▸ **Supplied data**:
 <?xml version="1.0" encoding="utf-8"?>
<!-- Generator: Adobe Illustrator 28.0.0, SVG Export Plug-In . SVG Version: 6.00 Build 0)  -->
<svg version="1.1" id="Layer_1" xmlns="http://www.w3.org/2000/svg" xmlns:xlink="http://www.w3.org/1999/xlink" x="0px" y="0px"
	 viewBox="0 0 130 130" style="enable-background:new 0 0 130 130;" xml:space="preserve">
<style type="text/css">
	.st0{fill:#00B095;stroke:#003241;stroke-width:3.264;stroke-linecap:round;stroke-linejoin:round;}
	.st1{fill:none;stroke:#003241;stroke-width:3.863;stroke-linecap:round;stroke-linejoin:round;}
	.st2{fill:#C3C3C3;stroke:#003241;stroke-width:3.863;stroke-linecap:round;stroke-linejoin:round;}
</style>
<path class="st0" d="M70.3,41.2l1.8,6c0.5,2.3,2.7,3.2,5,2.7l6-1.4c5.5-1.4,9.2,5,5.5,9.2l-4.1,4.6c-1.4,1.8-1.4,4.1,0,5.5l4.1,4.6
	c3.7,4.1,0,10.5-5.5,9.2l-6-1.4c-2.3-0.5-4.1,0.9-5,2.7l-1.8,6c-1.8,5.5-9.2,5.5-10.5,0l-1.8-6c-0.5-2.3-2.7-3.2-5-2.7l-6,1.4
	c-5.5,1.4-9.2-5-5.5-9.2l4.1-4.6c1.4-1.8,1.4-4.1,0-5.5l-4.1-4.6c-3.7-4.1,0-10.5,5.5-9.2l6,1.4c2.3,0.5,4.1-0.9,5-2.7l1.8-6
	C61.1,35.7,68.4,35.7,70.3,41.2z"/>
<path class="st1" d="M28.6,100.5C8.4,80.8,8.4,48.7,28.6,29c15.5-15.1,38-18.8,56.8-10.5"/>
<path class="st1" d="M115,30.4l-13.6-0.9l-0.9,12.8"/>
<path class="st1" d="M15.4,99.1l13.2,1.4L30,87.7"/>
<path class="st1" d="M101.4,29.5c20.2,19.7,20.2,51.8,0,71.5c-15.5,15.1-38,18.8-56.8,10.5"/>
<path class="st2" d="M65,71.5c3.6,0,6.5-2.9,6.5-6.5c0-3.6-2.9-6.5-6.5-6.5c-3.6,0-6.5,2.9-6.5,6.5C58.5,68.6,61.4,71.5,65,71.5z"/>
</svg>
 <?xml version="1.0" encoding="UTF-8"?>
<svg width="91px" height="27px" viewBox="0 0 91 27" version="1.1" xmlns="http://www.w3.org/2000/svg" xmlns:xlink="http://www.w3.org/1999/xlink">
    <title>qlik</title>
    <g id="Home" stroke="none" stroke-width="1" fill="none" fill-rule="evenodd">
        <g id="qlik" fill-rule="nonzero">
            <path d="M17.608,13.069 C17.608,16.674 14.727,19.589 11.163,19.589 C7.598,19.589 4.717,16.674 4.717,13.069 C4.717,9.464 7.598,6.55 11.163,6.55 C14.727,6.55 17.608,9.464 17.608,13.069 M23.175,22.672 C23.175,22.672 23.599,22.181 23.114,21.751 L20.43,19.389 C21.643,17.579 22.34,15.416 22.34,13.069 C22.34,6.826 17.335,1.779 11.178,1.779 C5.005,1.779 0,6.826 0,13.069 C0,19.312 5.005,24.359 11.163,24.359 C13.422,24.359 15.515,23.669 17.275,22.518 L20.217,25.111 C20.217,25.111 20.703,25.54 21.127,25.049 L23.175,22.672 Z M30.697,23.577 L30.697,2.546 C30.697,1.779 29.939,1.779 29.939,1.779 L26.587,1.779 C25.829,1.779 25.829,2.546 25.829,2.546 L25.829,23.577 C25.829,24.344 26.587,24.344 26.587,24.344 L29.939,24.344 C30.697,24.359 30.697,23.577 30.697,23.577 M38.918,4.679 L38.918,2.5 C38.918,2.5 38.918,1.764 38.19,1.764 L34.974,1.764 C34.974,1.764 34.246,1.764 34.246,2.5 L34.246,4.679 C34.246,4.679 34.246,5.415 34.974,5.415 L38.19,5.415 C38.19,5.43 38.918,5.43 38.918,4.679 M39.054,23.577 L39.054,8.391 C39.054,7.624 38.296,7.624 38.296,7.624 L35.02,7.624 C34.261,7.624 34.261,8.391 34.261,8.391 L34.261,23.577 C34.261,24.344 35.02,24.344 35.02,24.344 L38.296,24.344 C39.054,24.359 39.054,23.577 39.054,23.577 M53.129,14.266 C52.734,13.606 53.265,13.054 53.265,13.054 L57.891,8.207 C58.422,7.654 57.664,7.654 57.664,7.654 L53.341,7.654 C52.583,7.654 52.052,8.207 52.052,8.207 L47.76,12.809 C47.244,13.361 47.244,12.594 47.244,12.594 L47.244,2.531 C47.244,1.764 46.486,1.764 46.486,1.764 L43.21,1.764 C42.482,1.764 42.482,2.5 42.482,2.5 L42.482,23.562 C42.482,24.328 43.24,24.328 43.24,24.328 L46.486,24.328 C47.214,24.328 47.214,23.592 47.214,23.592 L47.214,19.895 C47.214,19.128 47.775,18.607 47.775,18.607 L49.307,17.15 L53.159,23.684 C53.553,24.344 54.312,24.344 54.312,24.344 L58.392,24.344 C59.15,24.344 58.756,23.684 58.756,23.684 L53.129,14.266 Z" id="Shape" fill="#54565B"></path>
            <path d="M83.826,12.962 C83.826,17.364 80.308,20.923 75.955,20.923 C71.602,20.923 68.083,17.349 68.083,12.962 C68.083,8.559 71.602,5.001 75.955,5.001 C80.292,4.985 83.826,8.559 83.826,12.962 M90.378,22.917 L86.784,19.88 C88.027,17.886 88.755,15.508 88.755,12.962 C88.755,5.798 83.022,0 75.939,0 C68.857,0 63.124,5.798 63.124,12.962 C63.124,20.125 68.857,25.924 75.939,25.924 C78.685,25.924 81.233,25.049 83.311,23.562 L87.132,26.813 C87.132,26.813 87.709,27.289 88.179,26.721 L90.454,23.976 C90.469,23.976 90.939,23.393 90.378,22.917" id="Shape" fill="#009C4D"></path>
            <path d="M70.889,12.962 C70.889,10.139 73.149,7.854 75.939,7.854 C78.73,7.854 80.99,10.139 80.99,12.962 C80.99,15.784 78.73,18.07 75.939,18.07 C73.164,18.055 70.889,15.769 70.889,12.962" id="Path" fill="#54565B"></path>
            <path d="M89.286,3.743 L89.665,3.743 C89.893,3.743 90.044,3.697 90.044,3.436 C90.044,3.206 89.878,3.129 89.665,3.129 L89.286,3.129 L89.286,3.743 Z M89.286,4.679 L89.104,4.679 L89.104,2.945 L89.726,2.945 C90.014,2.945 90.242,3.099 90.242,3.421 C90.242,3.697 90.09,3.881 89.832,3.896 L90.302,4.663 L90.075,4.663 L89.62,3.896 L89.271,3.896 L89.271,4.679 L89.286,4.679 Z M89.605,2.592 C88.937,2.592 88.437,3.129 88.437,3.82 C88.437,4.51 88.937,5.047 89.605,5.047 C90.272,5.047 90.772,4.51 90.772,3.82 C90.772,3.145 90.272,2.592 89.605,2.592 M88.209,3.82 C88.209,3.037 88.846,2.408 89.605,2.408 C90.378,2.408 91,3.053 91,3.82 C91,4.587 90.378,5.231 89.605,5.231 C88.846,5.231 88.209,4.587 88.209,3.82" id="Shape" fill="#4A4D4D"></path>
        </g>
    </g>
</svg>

▸ **Prompt**: Retype every record above exactly as written.

▸ **Written answer**:
 <?xml version="1.0" encoding="utf-8"?>
<!-- Generator: Adobe Illustrator 28.0.0, SVG Export Plug-In . SVG Version: 6.00 Build 0)  -->
<svg version="1.1" id="Layer_1" xmlns="http://www.w3.org/2000/svg" xmlns:xlink="http://www.w3.org/1999/xlink" x="0px" y="0px"
	 viewBox="0 0 130 130" style="enable-background:new 0 0 130 130;" xml:space="preserve">
<style type="text/css">
	.st0{fill:#00B095;stroke:#003241;stroke-width:3.264;stroke-linecap:round;stroke-linejoin:round;}
	.st1{fill:none;stroke:#003241;stroke-width:3.863;stroke-linecap:round;stroke-linejoin:round;}
	.st2{fill:#C3C3C3;stroke:#003241;stroke-width:3.863;stroke-linecap:round;stroke-linejoin:round;}
</style>
<path class="st0" d="M70.3,41.2l1.8,6c0.5,2.3,2.7,3.2,5,2.7l6-1.4c5.5-1.4,9.2,5,5.5,9.2l-4.1,4.6c-1.4,1.8-1.4,4.1,0,5.5l4.1,4.6
	c3.7,4.1,0,10.5-5.5,9.2l-6-1.4c-2.3-0.5-4.1,0.9-5,2.7l-1.8,6c-1.8,5.5-9.2,5.5-10.5,0l-1.8-6c-0.5-2.3-2.7-3.2-5-2.7l-6,1.4
	c-5.5,1.4-9.2-5-5.5-9.2l4.1-4.6c1.4-1.8,1.4-4.1,0-5.5l-4.1-4.6c-3.7-4.1,0-10.5,5.5-9.2l6,1.4c2.3,0.5,4.1-0.9,5-2.7l1.8-6
	C61.1,35.7,68.4,35.7,70.3,41.2z"/>
<path class="st1" d="M28.6,100.5C8.4,80.8,8.4,48.7,28.6,29c15.5-15.1,38-18.8,56.8-10.5"/>
<path class="st1" d="M115,30.4l-13.6-0.9l-0.9,12.8"/>
<path class="st1" d="M15.4,99.1l13.2,1.4L30,87.7"/>
<path class="st1" d="M101.4,29.5c20.2,19.7,20.2,51.8,0,71.5c-15.5,15.1-38,18.8-56.8,10.5"/>
<path class="st2" d="M65,71.5c3.6,0,6.5-2.9,6.5-6.5c0-3.6-2.9-6.5-6.5-6.5c-3.6,0-6.5,2.9-6.5,6.5C58.5,68.6,61.4,71.5,65,71.5z"/>
</svg>
 <?xml version="1.0" encoding="UTF-8"?>
<svg width="91px" height="27px" viewBox="0 0 91 27" version="1.1" xmlns="http://www.w3.org/2000/svg" xmlns:xlink="http://www.w3.org/1999/xlink">
    <title>qlik</title>
    <g id="Home" stroke="none" stroke-width="1" fill="none" fill-rule="evenodd">
        <g id="qlik" fill-rule="nonzero">
            <path d="M17.608,13.069 C17.608,16.674 14.727,19.589 11.163,19.589 C7.598,19.589 4.717,16.674 4.717,13.069 C4.717,9.464 7.598,6.55 11.163,6.55 C14.727,6.55 17.608,9.464 17.608,13.069 M23.175,22.672 C23.175,22.672 23.599,22.181 23.114,21.751 L20.43,19.389 C21.643,17.579 22.34,15.416 22.34,13.069 C22.34,6.826 17.335,1.779 11.178,1.779 C5.005,1.779 0,6.826 0,13.069 C0,19.312 5.005,24.359 11.163,24.359 C13.422,24.359 15.515,23.669 17.275,22.518 L20.217,25.111 C20.217,25.111 20.703,25.54 21.127,25.049 L23.175,22.672 Z M30.697,23.577 L30.697,2.546 C30.697,1.779 29.939,1.779 29.939,1.779 L26.587,1.779 C25.829,1.779 25.829,2.546 25.829,2.546 L25.829,23.577 C25.829,24.344 26.587,24.344 26.587,24.344 L29.939,24.344 C30.697,24.359 30.697,23.577 30.697,23.577 M38.918,4.679 L38.918,2.5 C38.918,2.5 38.918,1.764 38.19,1.764 L34.974,1.764 C34.974,1.764 34.246,1.764 34.246,2.5 L34.246,4.679 C34.246,4.679 34.246,5.415 34.974,5.415 L38.19,5.415 C38.19,5.43 38.918,5.43 38.918,4.679 M39.054,23.577 L39.054,8.391 C39.054,7.624 38.296,7.624 38.296,7.624 L35.02,7.624 C34.261,7.624 34.261,8.391 34.261,8.391 L34.261,23.577 C34.261,24.344 35.02,24.344 35.02,24.344 L38.296,24.344 C39.054,24.359 39.054,23.577 39.054,23.577 M53.129,14.266 C52.734,13.606 53.265,13.054 53.265,13.054 L57.891,8.207 C58.422,7.654 57.664,7.654 57.664,7.654 L53.341,7.654 C52.583,7.654 52.052,8.207 52.052,8.207 L47.76,12.809 C47.244,13.361 47.244,12.594 47.244,12.594 L47.244,2.531 C47.244,1.764 46.486,1.764 46.486,1.764 L43.21,1.764 C42.482,1.764 42.482,2.5 42.482,2.5 L42.482,23.562 C42.482,24.328 43.24,24.328 43.24,24.328 L46.486,24.328 C47.214,24.328 47.214,23.592 47.214,23.592 L47.214,19.895 C47.214,19.128 47.775,18.607 47.775,18.607 L49.307,17.15 L53.159,23.684 C53.553,24.344 54.312,24.344 54.312,24.344 L58.392,24.344 C59.15,24.344 58.756,23.684 58.756,23.684 L53.129,14.266 Z" id="Shape" fill="#54565B"></path>
            <path d="M83.826,12.962 C83.826,17.364 80.308,20.923 75.955,20.923 C71.602,20.923 68.083,17.349 68.083,12.962 C68.083,8.559 71.602,5.001 75.955,5.001 C80.292,4.985 83.826,8.559 83.826,12.962 M90.378,22.917 L86.784,19.88 C88.027,17.886 88.755,15.508 88.755,12.962 C88.755,5.798 83.022,0 75.939,0 C68.857,0 63.124,5.798 63.124,12.962 C63.124,20.125 68.857,25.924 75.939,25.924 C78.685,25.924 81.233,25.049 83.311,23.562 L87.132,26.813 C87.132,26.813 87.709,27.289 88.179,26.721 L90.454,23.976 C90.469,23.976 90.939,23.393 90.378,22.917" id="Shape" fill="#009C4D"></path>
            <path d="M70.889,12.962 C70.889,10.139 73.149,7.854 75.939,7.854 C78.73,7.854 80.99,10.139 80.99,12.962 C80.99,15.784 78.73,18.07 75.939,18.07 C73.164,18.055 70.889,15.769 70.889,12.962" id="Path" fill="#54565B"></path>
            <path d="M89.286,3.743 L89.665,3.743 C89.893,3.743 90.044,3.697 90.044,3.436 C90.044,3.206 89.878,3.129 89.665,3.129 L89.286,3.129 L89.286,3.743 Z M89.286,4.679 L89.104,4.679 L89.104,2.945 L89.726,2.945 C90.014,2.945 90.242,3.099 90.242,3.421 C90.242,3.697 90.09,3.881 89.832,3.896 L90.302,4.663 L90.075,4.663 L89.62,3.896 L89.271,3.896 L89.271,4.679 L89.286,4.679 Z M89.605,2.592 C88.937,2.592 88.437,3.129 88.437,3.82 C88.437,4.51 88.937,5.047 89.605,5.047 C90.272,5.047 90.772,4.51 90.772,3.82 C90.772,3.145 90.272,2.592 89.605,2.592 M88.209,3.82 C88.209,3.037 88.846,2.408 89.605,2.408 C90.378,2.408 91,3.053 91,3.82 C91,4.587 90.378,5.231 89.605,5.231 C88.846,5.231 88.209,4.587 88.209,3.82" id="Shape" fill="#4A4D4D"></path>
        </g>
    </g>
</svg>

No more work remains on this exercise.